The output should consist solely of the lines running from the one that contains "#998=DIRECTION('ref_axis',(0.,0.,1.));" through the end of the records below, copied exactly.

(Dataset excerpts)
————————

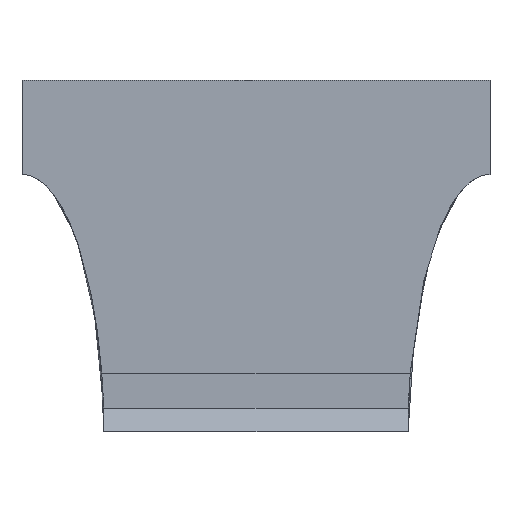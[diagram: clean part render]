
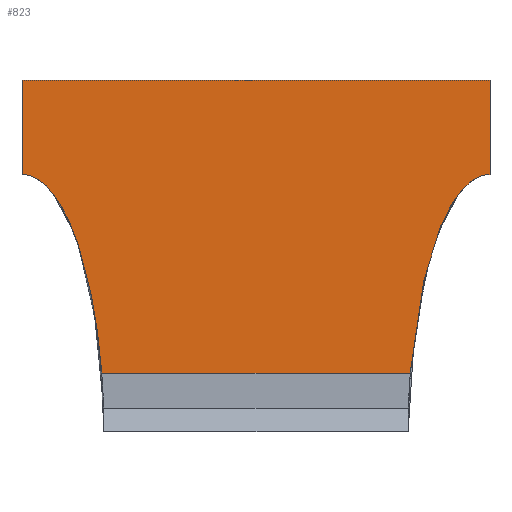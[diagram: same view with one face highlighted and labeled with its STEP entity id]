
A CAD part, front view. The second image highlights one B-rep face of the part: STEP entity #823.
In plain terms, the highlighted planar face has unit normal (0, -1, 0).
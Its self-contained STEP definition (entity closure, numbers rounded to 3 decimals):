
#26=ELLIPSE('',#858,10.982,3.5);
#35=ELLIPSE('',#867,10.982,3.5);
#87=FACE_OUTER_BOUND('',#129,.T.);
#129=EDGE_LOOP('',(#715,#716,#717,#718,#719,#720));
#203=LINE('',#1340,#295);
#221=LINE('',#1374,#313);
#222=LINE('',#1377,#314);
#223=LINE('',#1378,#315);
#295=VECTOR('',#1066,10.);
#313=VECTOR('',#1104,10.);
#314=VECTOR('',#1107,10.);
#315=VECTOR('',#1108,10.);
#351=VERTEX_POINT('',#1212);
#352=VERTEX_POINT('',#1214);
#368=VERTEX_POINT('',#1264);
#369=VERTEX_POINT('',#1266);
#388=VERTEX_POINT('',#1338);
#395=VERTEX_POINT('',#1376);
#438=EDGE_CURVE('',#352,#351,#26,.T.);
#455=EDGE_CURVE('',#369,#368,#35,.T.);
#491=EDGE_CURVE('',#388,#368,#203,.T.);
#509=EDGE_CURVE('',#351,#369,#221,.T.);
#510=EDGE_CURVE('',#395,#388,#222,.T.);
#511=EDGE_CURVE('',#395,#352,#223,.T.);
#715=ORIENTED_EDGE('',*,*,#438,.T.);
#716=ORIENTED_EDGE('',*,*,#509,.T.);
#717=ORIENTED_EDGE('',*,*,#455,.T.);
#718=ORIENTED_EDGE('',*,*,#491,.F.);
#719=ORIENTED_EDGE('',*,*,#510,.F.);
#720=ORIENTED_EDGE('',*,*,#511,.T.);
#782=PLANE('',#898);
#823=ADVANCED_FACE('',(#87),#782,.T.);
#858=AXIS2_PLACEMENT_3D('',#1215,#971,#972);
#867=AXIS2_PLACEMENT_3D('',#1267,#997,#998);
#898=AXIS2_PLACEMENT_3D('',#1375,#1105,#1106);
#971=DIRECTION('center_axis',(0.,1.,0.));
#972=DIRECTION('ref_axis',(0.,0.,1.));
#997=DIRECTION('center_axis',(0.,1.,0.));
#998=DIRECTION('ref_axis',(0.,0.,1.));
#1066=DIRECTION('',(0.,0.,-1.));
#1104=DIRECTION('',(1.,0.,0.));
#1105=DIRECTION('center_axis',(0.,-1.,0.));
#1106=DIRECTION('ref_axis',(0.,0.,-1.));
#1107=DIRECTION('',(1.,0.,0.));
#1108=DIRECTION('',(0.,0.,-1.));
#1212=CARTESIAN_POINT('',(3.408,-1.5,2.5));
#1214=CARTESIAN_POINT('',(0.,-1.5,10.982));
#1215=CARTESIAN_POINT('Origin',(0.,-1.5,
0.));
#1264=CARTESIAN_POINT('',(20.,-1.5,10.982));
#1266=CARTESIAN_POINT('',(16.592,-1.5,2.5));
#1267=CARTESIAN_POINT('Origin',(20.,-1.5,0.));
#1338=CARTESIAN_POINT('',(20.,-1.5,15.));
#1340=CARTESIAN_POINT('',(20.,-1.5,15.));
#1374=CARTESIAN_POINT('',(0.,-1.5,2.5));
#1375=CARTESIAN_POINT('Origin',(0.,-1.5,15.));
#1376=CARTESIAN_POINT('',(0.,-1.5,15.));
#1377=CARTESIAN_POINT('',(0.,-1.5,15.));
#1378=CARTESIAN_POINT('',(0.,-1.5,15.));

————————

Response for this exercise>
#998=DIRECTION('ref_axis',(0.,0.,1.));
#1066=DIRECTION('',(0.,0.,-1.));
#1104=DIRECTION('',(1.,0.,0.));
#1105=DIRECTION('center_axis',(0.,-1.,0.));
#1106=DIRECTION('ref_axis',(0.,0.,-1.));
#1107=DIRECTION('',(1.,0.,0.));
#1108=DIRECTION('',(0.,0.,-1.));
#1212=CARTESIAN_POINT('',(3.408,-1.5,2.5));
#1214=CARTESIAN_POINT('',(0.,-1.5,10.982));
#1215=CARTESIAN_POINT('Origin',(0.,-1.5,
0.));
#1264=CARTESIAN_POINT('',(20.,-1.5,10.982));
#1266=CARTESIAN_POINT('',(16.592,-1.5,2.5));
#1267=CARTESIAN_POINT('Origin',(20.,-1.5,0.));
#1338=CARTESIAN_POINT('',(20.,-1.5,15.));
#1340=CARTESIAN_POINT('',(20.,-1.5,15.));
#1374=CARTESIAN_POINT('',(0.,-1.5,2.5));
#1375=CARTESIAN_POINT('Origin',(0.,-1.5,15.));
#1376=CARTESIAN_POINT('',(0.,-1.5,15.));
#1377=CARTESIAN_POINT('',(0.,-1.5,15.));
#1378=CARTESIAN_POINT('',(0.,-1.5,15.));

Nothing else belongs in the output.